Please, without any pictures, transcribe the lines from the one holding "The axis of" to the end of the listing, both ends included.

_DATA SEGMENT_.
· · · ·
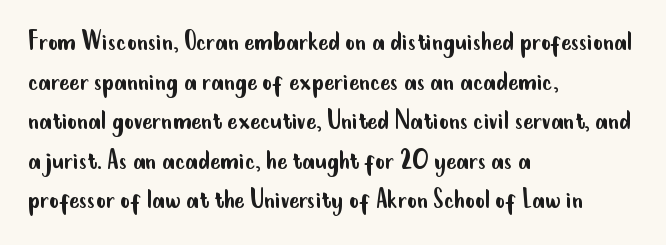
The image shows 30 px regular-weight, condensed sans-serif type, upright; set left-aligned, normal line spacing (1.32x), normal letter spacing, not underlined; low stroke contrast and a small x-height.
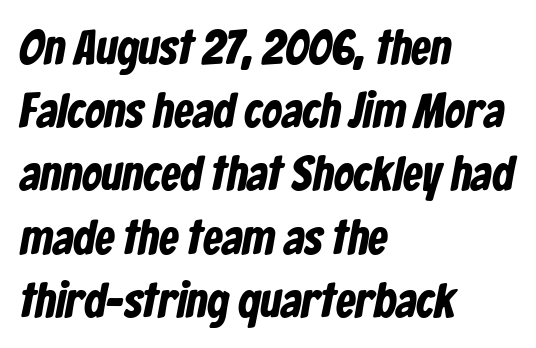
The image shows 49 px bold, condensed sans-serif type; set left-aligned, normal line spacing (1.29x), normal letter spacing, not underlined; low stroke contrast and a medium x-height.
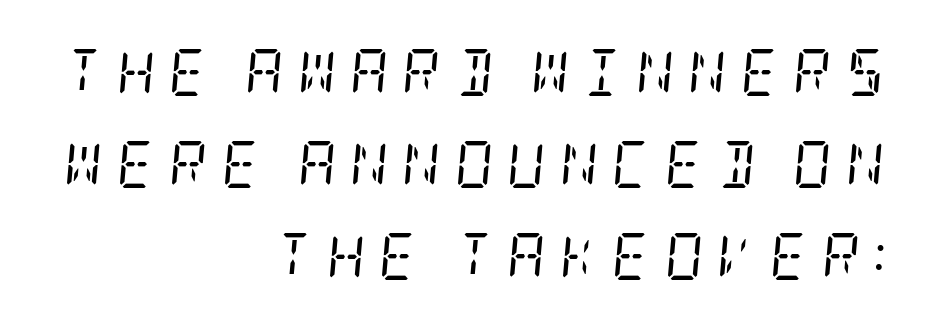
The axis of the letterforms is tilted away from vertical. Each row of text sits above clean, open space. Layout note: lines flush right. Between one letter and the next there's a generous, obvious gap. The leading is generous, giving the passage an open texture.
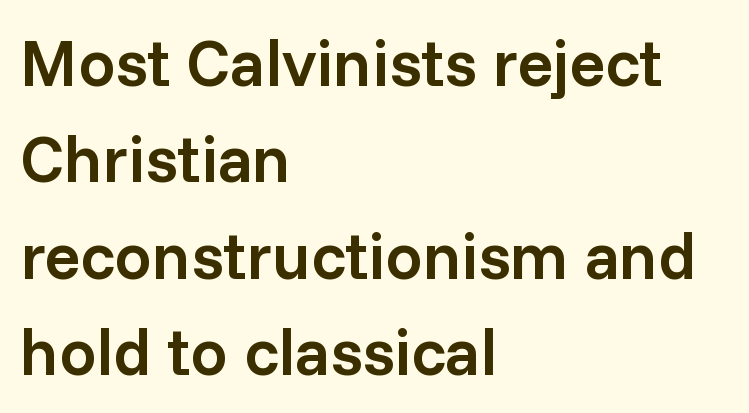
The image shows 66 px semibold sans-serif type, upright; set left-aligned, normal line spacing (1.46x), normal letter spacing, not underlined; low stroke contrast and a medium x-height.
· · · ·
_RESPONSE_.
The axis of the letterforms is tilted away from vertical. Each row of text sits above clean, open space. Layout note: lines flush right. Between one letter and the next there's a generous, obvious gap. The leading is generous, giving the passage an open texture.
The image shows 66 px semibold sans-serif type, upright; set left-aligned, normal line spacing (1.46x), normal letter spacing, not underlined; low stroke contrast and a medium x-height.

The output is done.